Rubén Rosario: Day care aide's horrific tale, deportation inspire parents
Effort begins to win 'fair shot' at asylum
By Rubén Rosario

Article Last Updated: 06/28/2008 08:13:12 PM CDT


Brenda Nohemi Morales de Fernandez loves taking care of babies and toddlers. It doesn't matter whether they're giggling, throwing up on her clothes, crying up a storm or doing the stinky that needs changing.

The little people do make life refreshingly therapeutic for the 34-year-old teacher's aide at St. Paul's Jewish Community Center. The tykes help weaken the demons that torment Fernandez, an alleged kidnap and sexual abuse victim, at night.

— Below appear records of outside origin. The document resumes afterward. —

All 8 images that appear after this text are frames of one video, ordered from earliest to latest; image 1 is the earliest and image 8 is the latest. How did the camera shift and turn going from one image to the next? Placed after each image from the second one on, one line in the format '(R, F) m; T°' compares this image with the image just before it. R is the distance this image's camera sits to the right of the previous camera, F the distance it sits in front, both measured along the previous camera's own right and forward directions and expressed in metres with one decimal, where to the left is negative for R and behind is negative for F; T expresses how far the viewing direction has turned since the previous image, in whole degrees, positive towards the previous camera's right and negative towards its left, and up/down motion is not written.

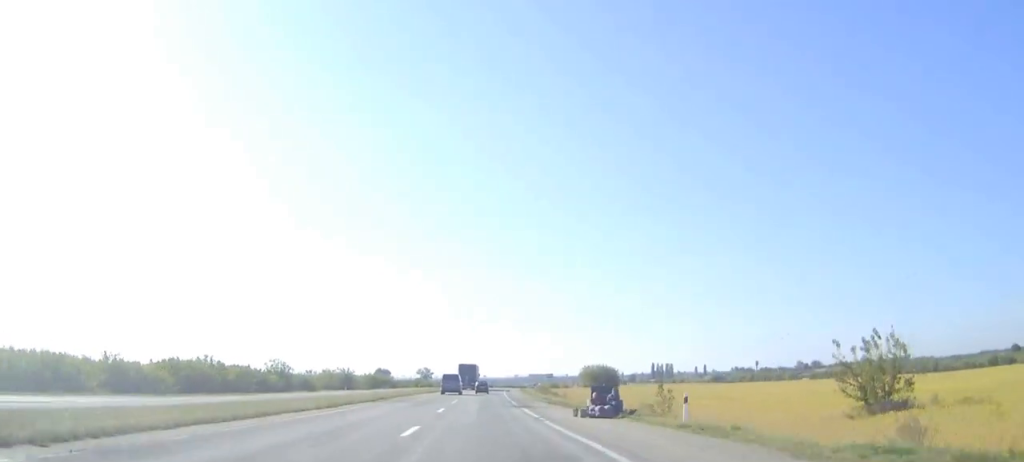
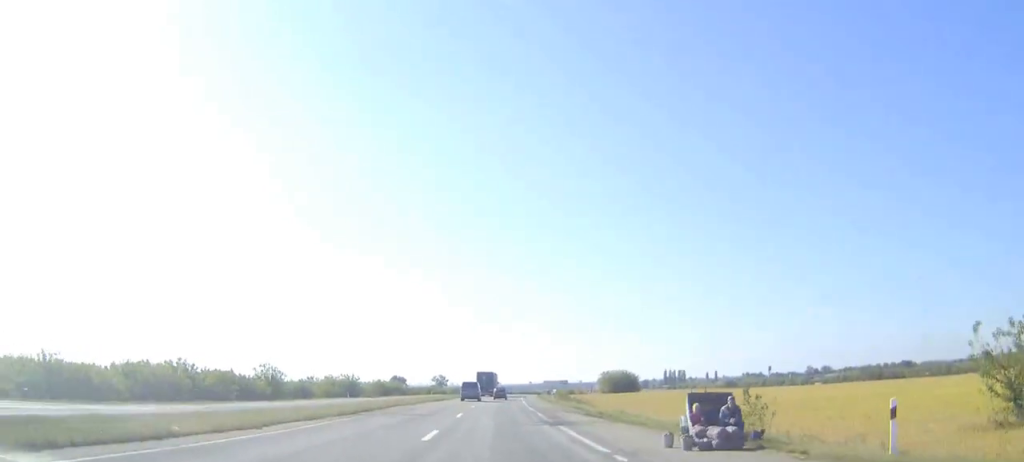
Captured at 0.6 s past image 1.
(0.0, +14.5) m; 0°
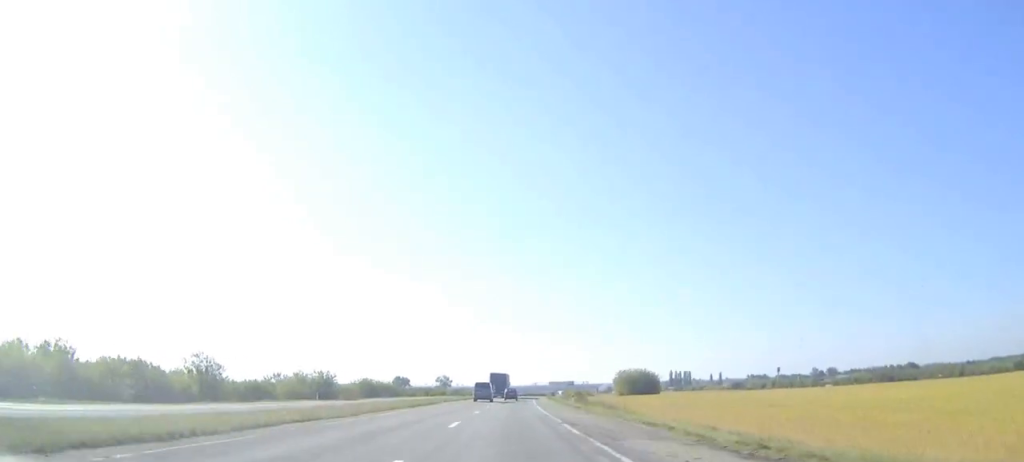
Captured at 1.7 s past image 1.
(+0.1, +25.4) m; 0°
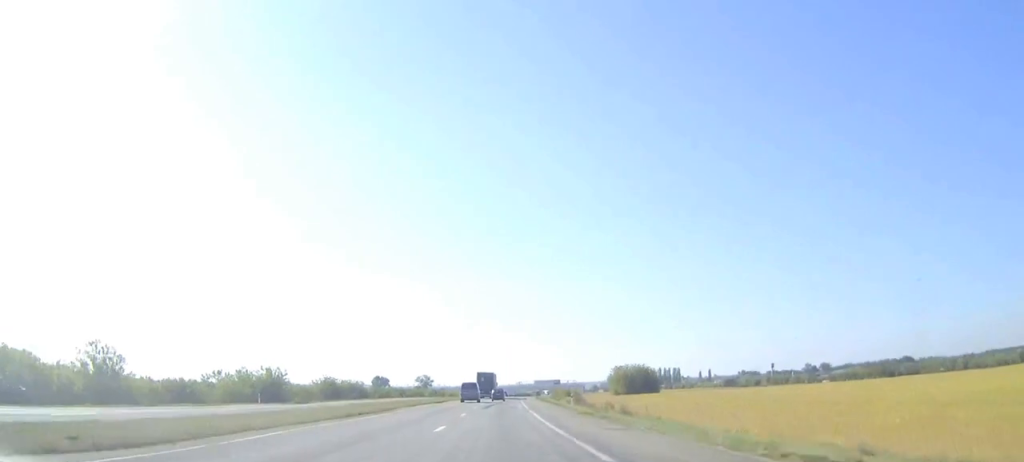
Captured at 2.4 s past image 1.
(0.0, +16.2) m; 0°
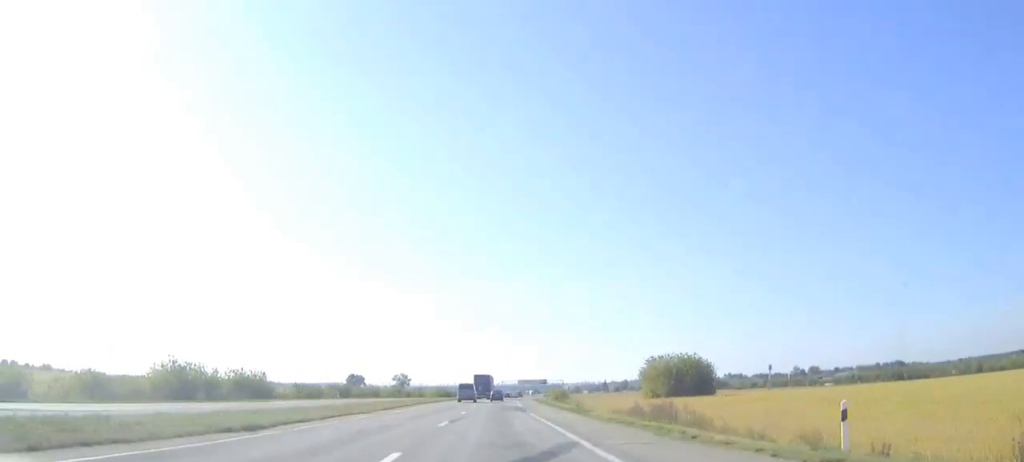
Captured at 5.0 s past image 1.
(+0.6, +60.1) m; +1°
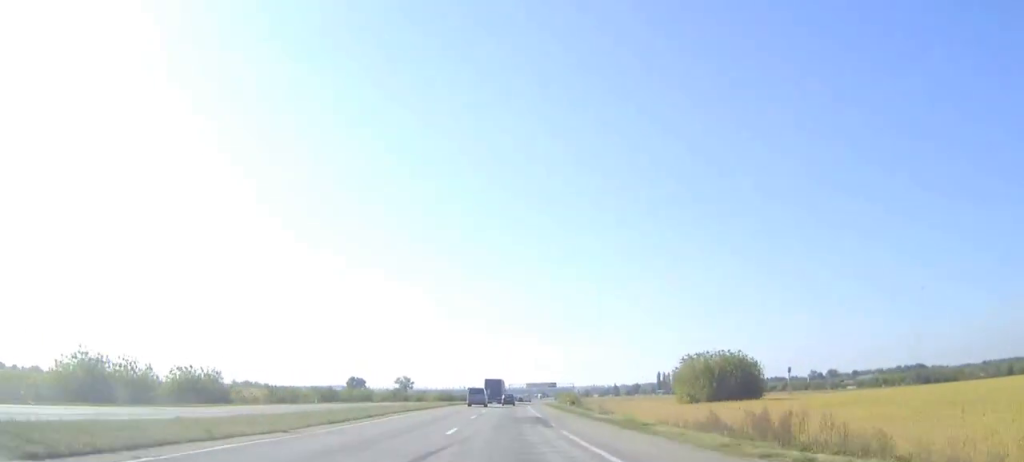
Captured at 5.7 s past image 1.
(0.0, +16.6) m; 0°
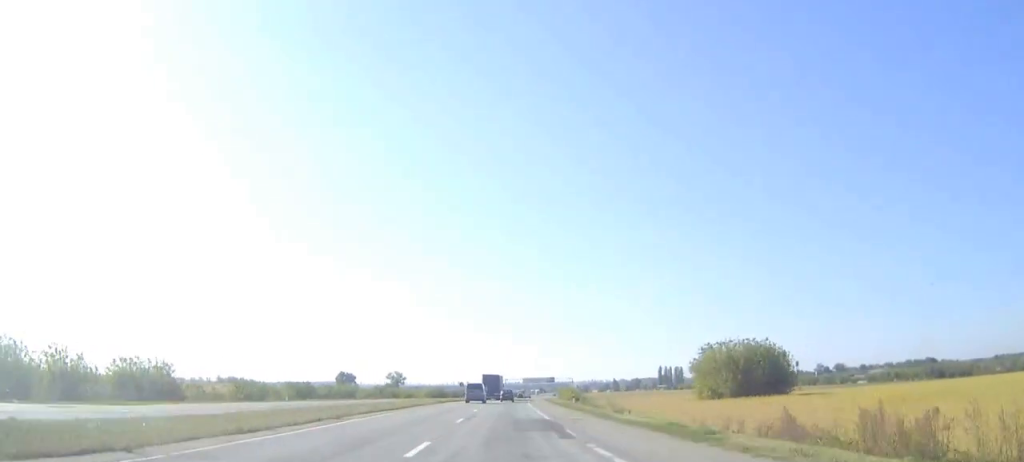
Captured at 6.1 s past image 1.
(0.0, +9.6) m; 0°
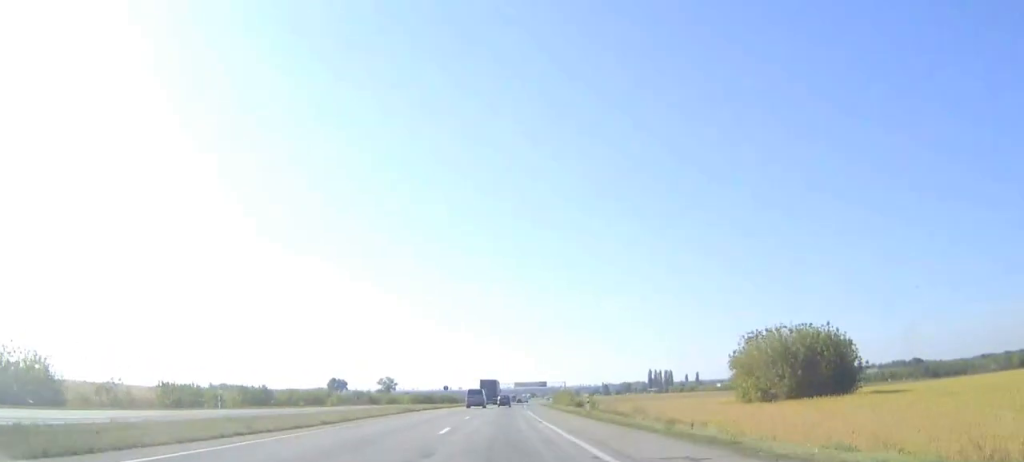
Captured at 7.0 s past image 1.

"Kids even that young can tell a person's true heart,'' said Hart Johnson, one of several parents whose children have interacted with Fernandez during her 18 months of employment at the center. "She doesn't speak very good English. But she really doesn't have to. The kids love her because they feel her love and warmth.''

Which is why Johnson and other parents were blown away two weeks ago when Fernandez disclosed her troubled past for the first time.

Fernandez says she was kidnapped at age 14, raped, threatened with her life and held virtually captive for nine years by a politically connected drug-trafficker in her native Guatemala. But her attempts to seek asylum here were twice turned down. Fernandez will voluntarily leave the United States on July 16.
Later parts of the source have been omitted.